For too long, the prevailing paradigm for recruiting and retaining managers in for-profit and nonprofit corporations favored candidates that had resumes with the right bells and whistles.
Thus, to well-meaning recruiters who fully subscribe to that paradigm, the best predictors of top performance are big academic qualifications (from top universities) and of, course, big titled positions the candidates have held. In other words, qualification is king and experience is queen. And thanks to our digital dispensation, anybody who knows how to properly spice up their resume is able to scale the algorithm hurdle and land an interview. Fast.
While their “king” and “queen” can be helpful, I submit that they are not the best predictors. The best predictor is the deep-seated value system of the candidates.
As a matter of fact, I am not the first to reach that conclusion. According to a relevant Fast Company piece, many employers have realized that “What people know is less important than who they are.

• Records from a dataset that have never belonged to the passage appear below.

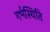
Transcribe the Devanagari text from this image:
गर्भस्थिति
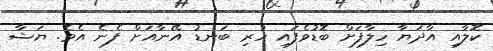
ކޮލާއި އާދަޔާ ހިލާފަށް ބޮޑުވެފައި ހުރި ބަނޑު އޭނާއަށް ފެނެ އެވެ. ޔަޝާ
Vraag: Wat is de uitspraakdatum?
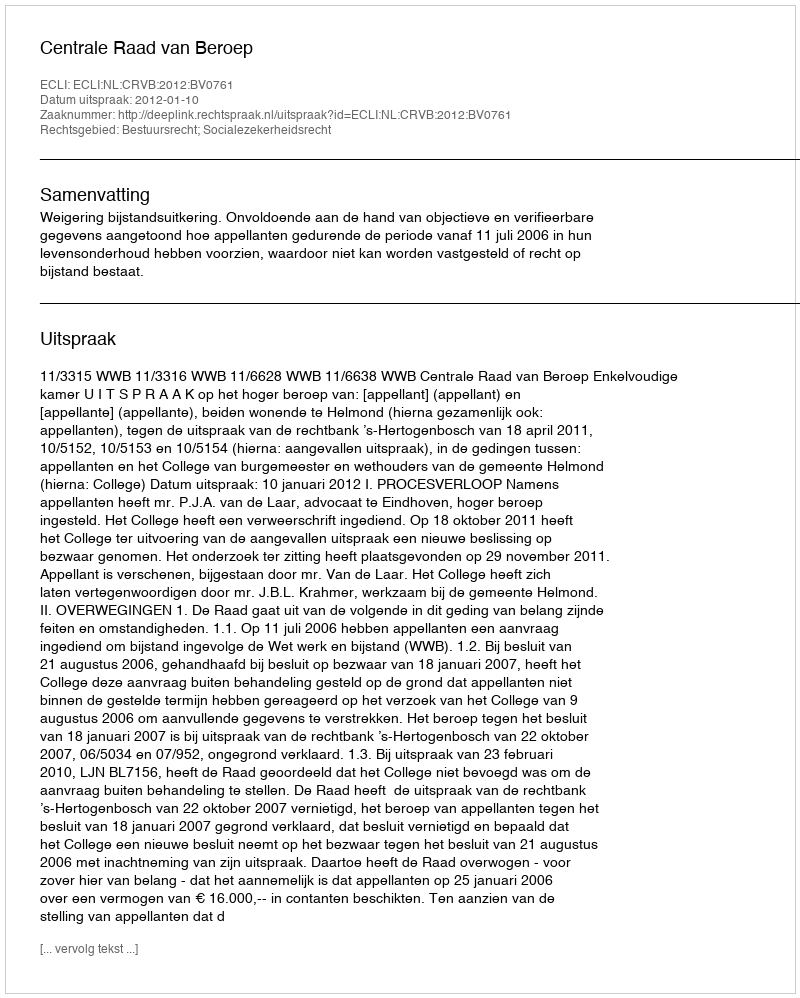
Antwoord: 2012-01-10
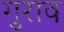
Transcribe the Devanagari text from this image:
गुराव
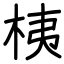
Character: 桋
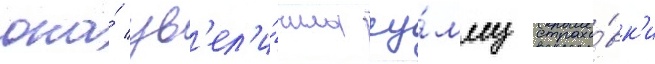
она́ ув'ел'и́чила су́мму страхо́вк'и
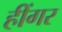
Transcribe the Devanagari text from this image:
हींगर
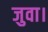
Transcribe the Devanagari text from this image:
जुवा।
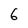
Character: 6
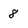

Hiring, they believe, is not about finding people with the right experience. It’s about finding people with the right mind-set.”
I agree completely.
To gauge the said right mindset, some conscientious recruiters depend on candidates’ responses on a value-centric questionnaire, etiquette at a downtown sit-down restaurant or feedback from references and previous employers. I particularly like the idea of recruiting from a pool of frequent volunteers within or without. Why? I believe it takes a lot of moral courage to continue to render good service to others without compulsion and compensation.
As many chief executives do, I often spend some time weighing the performance (or non performance) of my top executives against their pre-recruitment qualifications, experience, posture and promises.

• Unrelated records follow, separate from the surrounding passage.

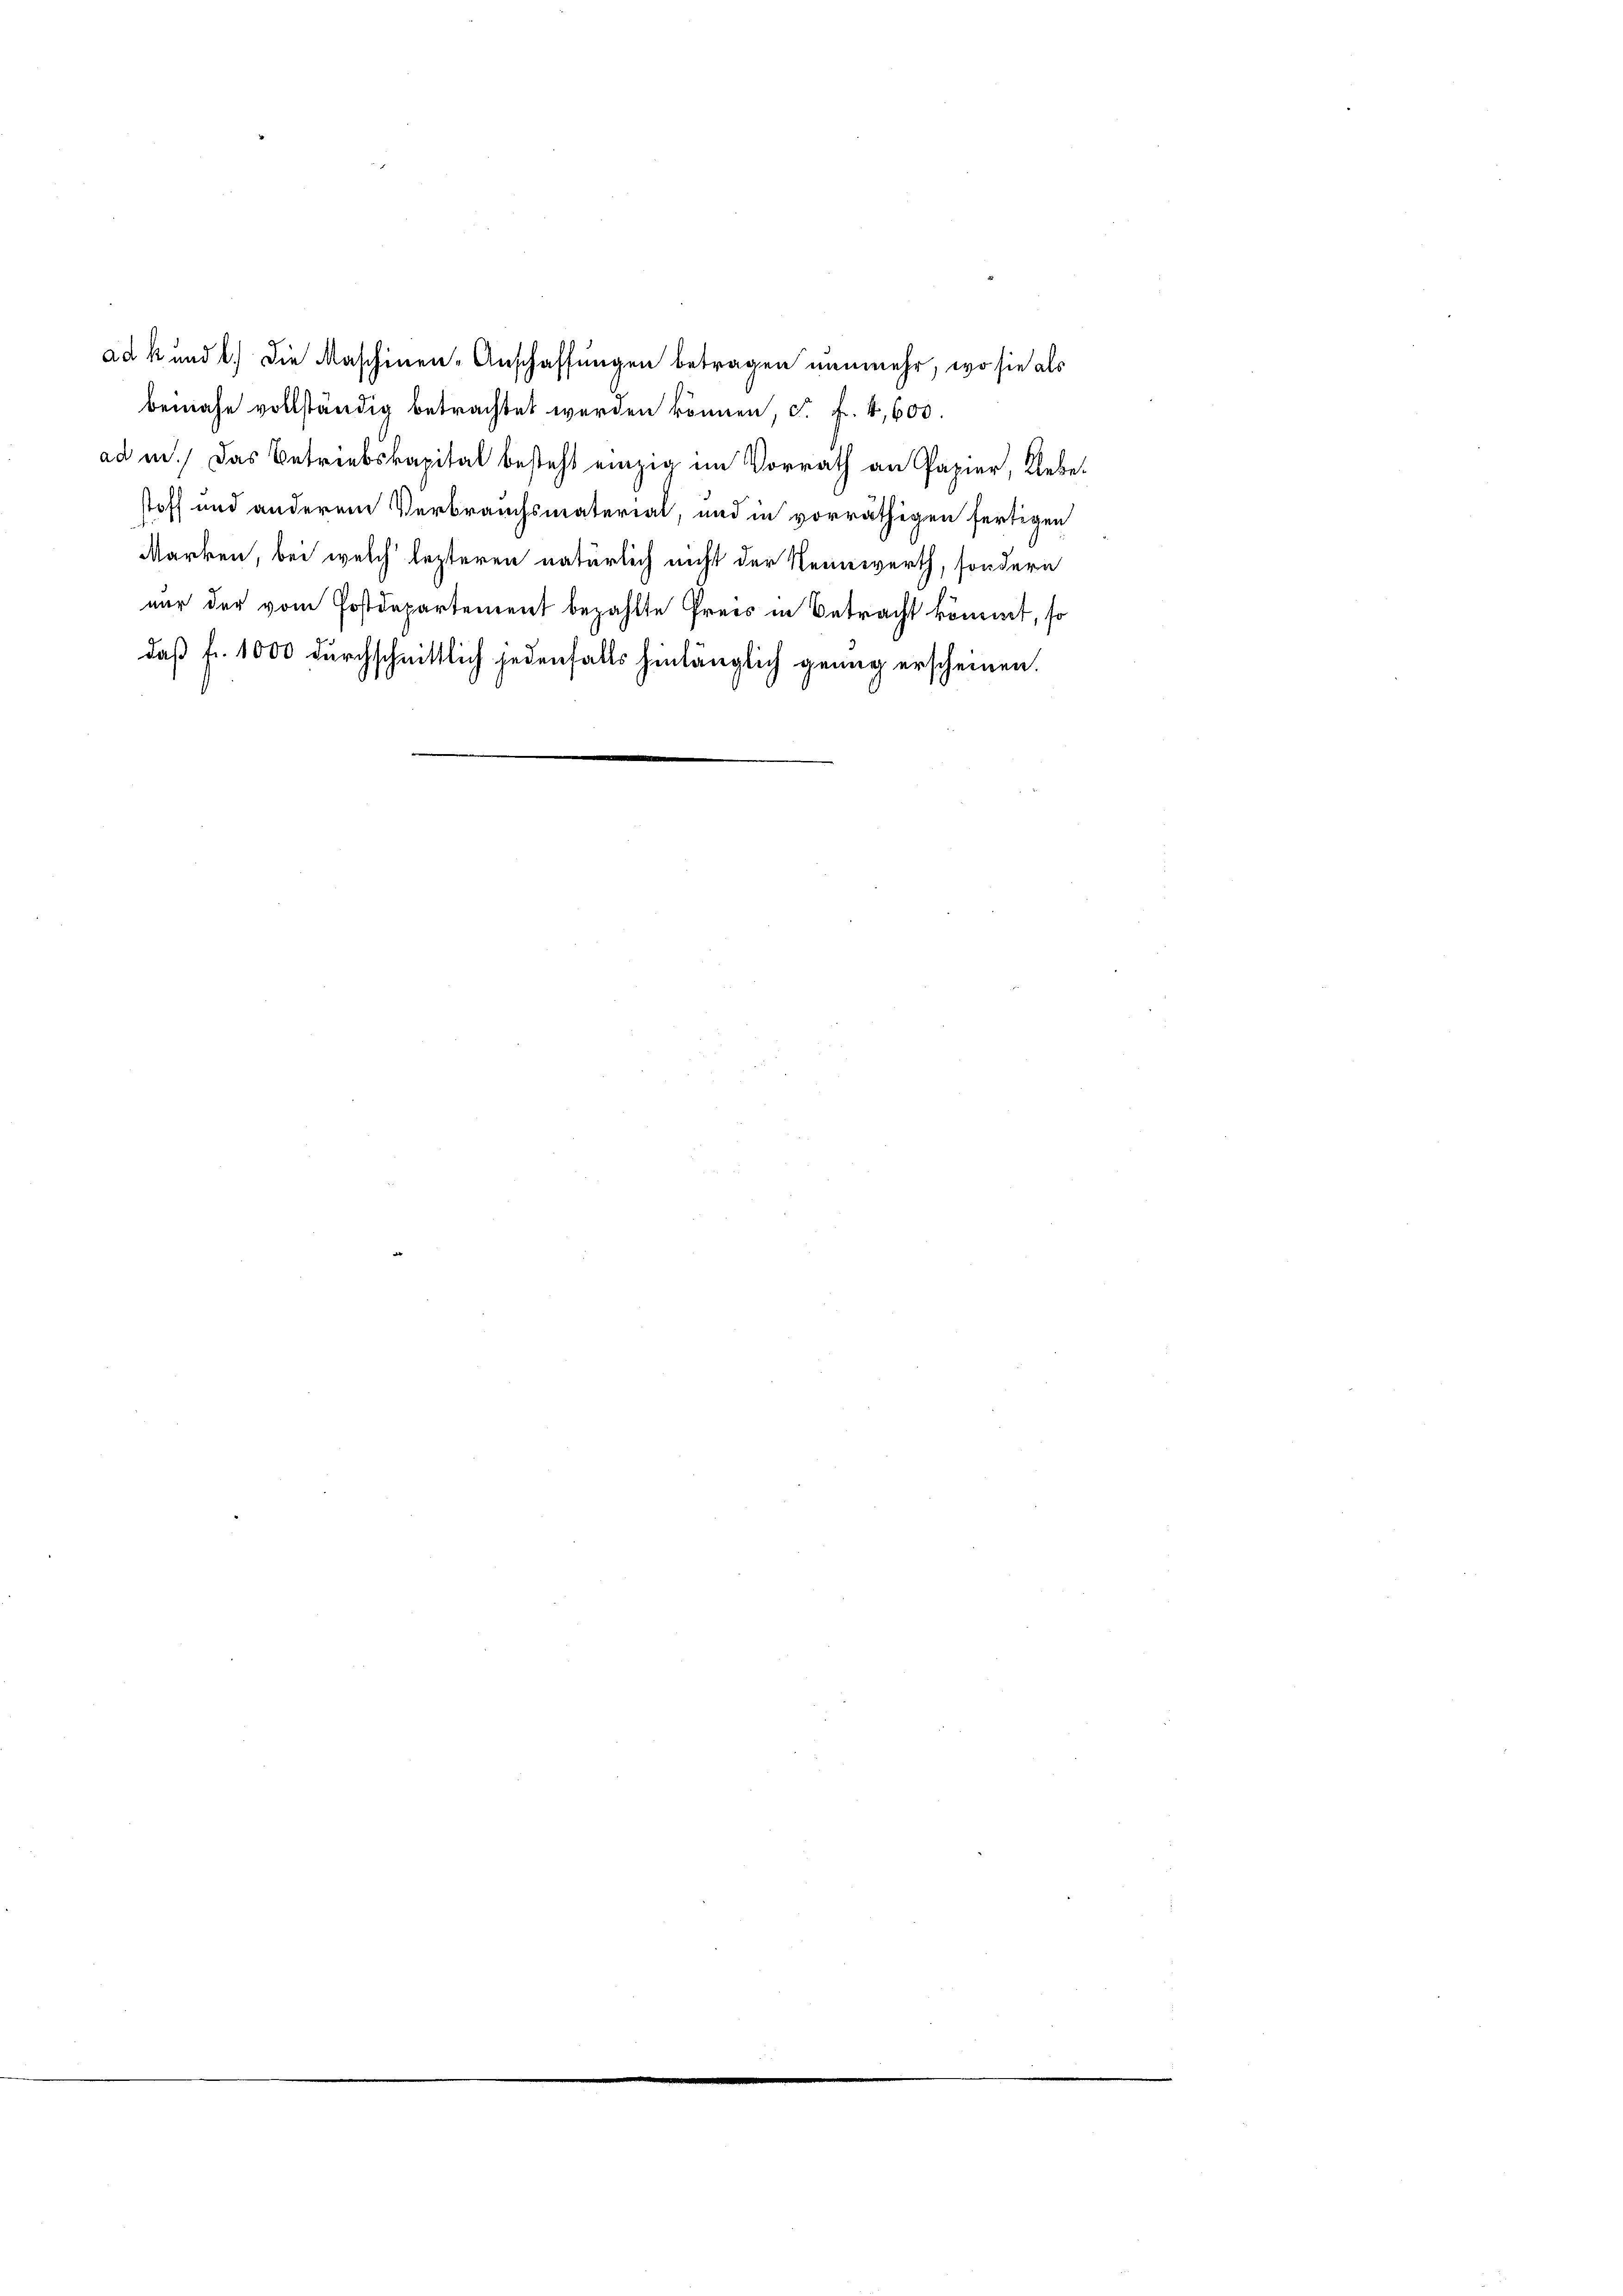
ad k und b.) Die Maschinen-Anschaffungen betragen nunmehr, wo sie als
beinahe vollständig betrachtet werden können, s. f. 4,600.
ad in das Betriebskapital besteht einzig im Vorrath an Papier, Lebe
stoff und anderem Verbrauchsmaterial, und in vorräthigen fertigen
Marken, bei welch lezteren natürlich nicht der Reinwerth, sondern
nur der vom Postdepartement bezahlte Preis in Betracht kömmt, so
daß fr. 1000 durchschnittlich jedenfalls hinlänglich genug erscheinen.
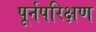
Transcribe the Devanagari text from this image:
पूर्नपरिक्षण

In almost all cases, the top performers are the women and men with the right mindset and attitude toward our 107-year-old mission and the ever-increasing population – of homeless, hungry and hurting people – we serve.
Those top performers are usually selfless self-starters. They need minimal supervision. They don’t just pretend to do the job when they think I am “looking” and then gallivant when I am away meeting with potential and existing donors and partners.
Instead, they demonstrate their deep sense of commitment and dedication to the job they are paid to do. And without singing their own praise at every turn, they let their accountability-in-action speak for them; accountability not only to their supervisor but also to their good conscience and most importantly the Almighty God, who, unlike mortal me, is everywhere at the same time, and sees what they do when nobody is watching.
Top performance anywhere is mostly a function of good character, and, in the timeless words of Dwight L. Moody, “character is what you are in the dark.” An insincere and corner-cutting person with top degrees and long-winded work experience will likely underperform “in the dark” where there might be no immediate glory or gain. That’s not right.
So, “Whatever you do, work at it with all your heart, as working for the Lord, not for human masters.” So says Paul in Colossians 3: 23.
As for me, I say to you, my friends, get all the big qualifications and big experiences you can but NEVER FORGET to develop your character because it is your biggest and best asset.